* What is being asked *
A word-for-word restatement of the data is what is needed.

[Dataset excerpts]
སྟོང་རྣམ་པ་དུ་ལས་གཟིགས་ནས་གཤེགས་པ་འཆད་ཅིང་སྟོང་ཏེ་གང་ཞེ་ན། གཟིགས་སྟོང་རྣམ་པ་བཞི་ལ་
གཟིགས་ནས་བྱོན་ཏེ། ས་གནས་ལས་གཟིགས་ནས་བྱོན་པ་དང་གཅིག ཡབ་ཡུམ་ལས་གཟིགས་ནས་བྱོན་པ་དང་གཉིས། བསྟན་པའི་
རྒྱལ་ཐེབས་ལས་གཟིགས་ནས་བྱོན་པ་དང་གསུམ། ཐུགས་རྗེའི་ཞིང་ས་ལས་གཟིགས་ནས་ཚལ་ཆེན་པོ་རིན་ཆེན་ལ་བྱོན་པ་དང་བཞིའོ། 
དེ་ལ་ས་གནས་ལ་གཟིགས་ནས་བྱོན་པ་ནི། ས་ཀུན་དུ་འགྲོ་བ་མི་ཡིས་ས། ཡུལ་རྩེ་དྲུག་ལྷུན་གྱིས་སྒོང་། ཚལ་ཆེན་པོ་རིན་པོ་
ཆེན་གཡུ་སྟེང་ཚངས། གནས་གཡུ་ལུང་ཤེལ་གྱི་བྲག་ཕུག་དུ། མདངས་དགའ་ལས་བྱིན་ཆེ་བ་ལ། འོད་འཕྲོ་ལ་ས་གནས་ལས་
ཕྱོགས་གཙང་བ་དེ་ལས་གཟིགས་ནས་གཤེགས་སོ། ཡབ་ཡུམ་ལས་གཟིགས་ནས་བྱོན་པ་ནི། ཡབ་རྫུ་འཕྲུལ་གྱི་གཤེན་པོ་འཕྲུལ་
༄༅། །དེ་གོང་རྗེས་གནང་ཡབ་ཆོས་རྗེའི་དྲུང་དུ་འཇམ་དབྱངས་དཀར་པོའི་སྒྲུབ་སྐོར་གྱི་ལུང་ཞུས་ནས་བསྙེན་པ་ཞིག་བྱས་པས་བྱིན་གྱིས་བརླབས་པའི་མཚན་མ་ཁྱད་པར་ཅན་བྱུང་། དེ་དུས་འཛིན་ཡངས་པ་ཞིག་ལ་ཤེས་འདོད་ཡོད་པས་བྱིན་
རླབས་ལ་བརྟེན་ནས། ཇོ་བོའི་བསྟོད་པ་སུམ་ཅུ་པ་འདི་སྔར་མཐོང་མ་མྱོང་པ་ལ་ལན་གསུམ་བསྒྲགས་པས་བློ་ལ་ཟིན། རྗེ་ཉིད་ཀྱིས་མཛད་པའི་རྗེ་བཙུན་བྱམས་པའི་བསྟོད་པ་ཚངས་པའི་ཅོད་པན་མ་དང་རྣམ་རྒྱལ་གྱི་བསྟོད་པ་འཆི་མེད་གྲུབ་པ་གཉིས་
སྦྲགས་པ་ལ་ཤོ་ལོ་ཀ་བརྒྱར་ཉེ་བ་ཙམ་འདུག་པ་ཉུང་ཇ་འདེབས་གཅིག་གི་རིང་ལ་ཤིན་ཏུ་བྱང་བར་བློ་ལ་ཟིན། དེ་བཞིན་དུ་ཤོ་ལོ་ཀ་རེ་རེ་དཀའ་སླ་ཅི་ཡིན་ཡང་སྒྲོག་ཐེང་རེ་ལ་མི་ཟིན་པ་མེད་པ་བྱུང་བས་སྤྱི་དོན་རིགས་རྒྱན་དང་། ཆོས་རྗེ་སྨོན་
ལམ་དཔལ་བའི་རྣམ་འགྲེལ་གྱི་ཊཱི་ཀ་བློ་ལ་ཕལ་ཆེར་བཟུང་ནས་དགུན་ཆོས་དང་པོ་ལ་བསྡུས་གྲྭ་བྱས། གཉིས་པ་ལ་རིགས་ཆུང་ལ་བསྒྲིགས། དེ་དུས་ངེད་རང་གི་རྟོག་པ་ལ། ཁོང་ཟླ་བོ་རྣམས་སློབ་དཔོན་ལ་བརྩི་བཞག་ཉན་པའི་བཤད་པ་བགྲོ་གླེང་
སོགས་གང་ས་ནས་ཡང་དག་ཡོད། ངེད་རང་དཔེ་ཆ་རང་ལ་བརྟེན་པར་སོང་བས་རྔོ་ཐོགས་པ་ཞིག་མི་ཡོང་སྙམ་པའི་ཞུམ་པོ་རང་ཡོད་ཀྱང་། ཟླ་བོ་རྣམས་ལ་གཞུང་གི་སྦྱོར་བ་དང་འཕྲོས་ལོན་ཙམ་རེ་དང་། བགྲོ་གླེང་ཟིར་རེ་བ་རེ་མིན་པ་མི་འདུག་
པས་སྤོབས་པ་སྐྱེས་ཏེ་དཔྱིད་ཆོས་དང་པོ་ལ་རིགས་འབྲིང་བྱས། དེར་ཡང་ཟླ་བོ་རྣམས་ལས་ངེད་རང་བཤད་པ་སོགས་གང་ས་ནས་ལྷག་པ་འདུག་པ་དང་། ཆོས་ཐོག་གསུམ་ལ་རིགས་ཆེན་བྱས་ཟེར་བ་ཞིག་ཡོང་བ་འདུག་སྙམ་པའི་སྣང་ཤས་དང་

* Exercise response *
སྟོང་རྣམ་པ་དུ་ལས་གཟིགས་ནས་གཤེགས་པ་འཆད་ཅིང་སྟོང་ཏེ་གང་ཞེ་ན། གཟིགས་སྟོང་རྣམ་པ་བཞི་ལ་
གཟིགས་ནས་བྱོན་ཏེ། ས་གནས་ལས་གཟིགས་ནས་བྱོན་པ་དང་གཅིག ཡབ་ཡུམ་ལས་གཟིགས་ནས་བྱོན་པ་དང་གཉིས། བསྟན་པའི་
རྒྱལ་ཐེབས་ལས་གཟིགས་ནས་བྱོན་པ་དང་གསུམ། ཐུགས་རྗེའི་ཞིང་ས་ལས་གཟིགས་ནས་ཚལ་ཆེན་པོ་རིན་ཆེན་ལ་བྱོན་པ་དང་བཞིའོ། 
དེ་ལ་ས་གནས་ལ་གཟིགས་ནས་བྱོན་པ་ནི། ས་ཀུན་དུ་འགྲོ་བ་མི་ཡིས་ས། ཡུལ་རྩེ་དྲུག་ལྷུན་གྱིས་སྒོང་། ཚལ་ཆེན་པོ་རིན་པོ་
ཆེན་གཡུ་སྟེང་ཚངས། གནས་གཡུ་ལུང་ཤེལ་གྱི་བྲག་ཕུག་དུ། མདངས་དགའ་ལས་བྱིན་ཆེ་བ་ལ། འོད་འཕྲོ་ལ་ས་གནས་ལས་
ཕྱོགས་གཙང་བ་དེ་ལས་གཟིགས་ནས་གཤེགས་སོ། ཡབ་ཡུམ་ལས་གཟིགས་ནས་བྱོན་པ་ནི། ཡབ་རྫུ་འཕྲུལ་གྱི་གཤེན་པོ་འཕྲུལ་
༄༅། །དེ་གོང་རྗེས་གནང་ཡབ་ཆོས་རྗེའི་དྲུང་དུ་འཇམ་དབྱངས་དཀར་པོའི་སྒྲུབ་སྐོར་གྱི་ལུང་ཞུས་ནས་བསྙེན་པ་ཞིག་བྱས་པས་བྱིན་གྱིས་བརླབས་པའི་མཚན་མ་ཁྱད་པར་ཅན་བྱུང་། དེ་དུས་འཛིན་ཡངས་པ་ཞིག་ལ་ཤེས་འདོད་ཡོད་པས་བྱིན་
རླབས་ལ་བརྟེན་ནས། ཇོ་བོའི་བསྟོད་པ་སུམ་ཅུ་པ་འདི་སྔར་མཐོང་མ་མྱོང་པ་ལ་ལན་གསུམ་བསྒྲགས་པས་བློ་ལ་ཟིན། རྗེ་ཉིད་ཀྱིས་མཛད་པའི་རྗེ་བཙུན་བྱམས་པའི་བསྟོད་པ་ཚངས་པའི་ཅོད་པན་མ་དང་རྣམ་རྒྱལ་གྱི་བསྟོད་པ་འཆི་མེད་གྲུབ་པ་གཉིས་
སྦྲགས་པ་ལ་ཤོ་ལོ་ཀ་བརྒྱར་ཉེ་བ་ཙམ་འདུག་པ་ཉུང་ཇ་འདེབས་གཅིག་གི་རིང་ལ་ཤིན་ཏུ་བྱང་བར་བློ་ལ་ཟིན། དེ་བཞིན་དུ་ཤོ་ལོ་ཀ་རེ་རེ་དཀའ་སླ་ཅི་ཡིན་ཡང་སྒྲོག་ཐེང་རེ་ལ་མི་ཟིན་པ་མེད་པ་བྱུང་བས་སྤྱི་དོན་རིགས་རྒྱན་དང་། ཆོས་རྗེ་སྨོན་
ལམ་དཔལ་བའི་རྣམ་འགྲེལ་གྱི་ཊཱི་ཀ་བློ་ལ་ཕལ་ཆེར་བཟུང་ནས་དགུན་ཆོས་དང་པོ་ལ་བསྡུས་གྲྭ་བྱས། གཉིས་པ་ལ་རིགས་ཆུང་ལ་བསྒྲིགས། དེ་དུས་ངེད་རང་གི་རྟོག་པ་ལ། ཁོང་ཟླ་བོ་རྣམས་སློབ་དཔོན་ལ་བརྩི་བཞག་ཉན་པའི་བཤད་པ་བགྲོ་གླེང་
སོགས་གང་ས་ནས་ཡང་དག་ཡོད། ངེད་རང་དཔེ་ཆ་རང་ལ་བརྟེན་པར་སོང་བས་རྔོ་ཐོགས་པ་ཞིག་མི་ཡོང་སྙམ་པའི་ཞུམ་པོ་རང་ཡོད་ཀྱང་། ཟླ་བོ་རྣམས་ལ་གཞུང་གི་སྦྱོར་བ་དང་འཕྲོས་ལོན་ཙམ་རེ་དང་། བགྲོ་གླེང་ཟིར་རེ་བ་རེ་མིན་པ་མི་འདུག་
པས་སྤོབས་པ་སྐྱེས་ཏེ་དཔྱིད་ཆོས་དང་པོ་ལ་རིགས་འབྲིང་བྱས། དེར་ཡང་ཟླ་བོ་རྣམས་ལས་ངེད་རང་བཤད་པ་སོགས་གང་ས་ནས་ལྷག་པ་འདུག་པ་དང་། ཆོས་ཐོག་གསུམ་ལ་རིགས་ཆེན་བྱས་ཟེར་བ་ཞིག་ཡོང་བ་འདུག་སྙམ་པའི་སྣང་ཤས་དང་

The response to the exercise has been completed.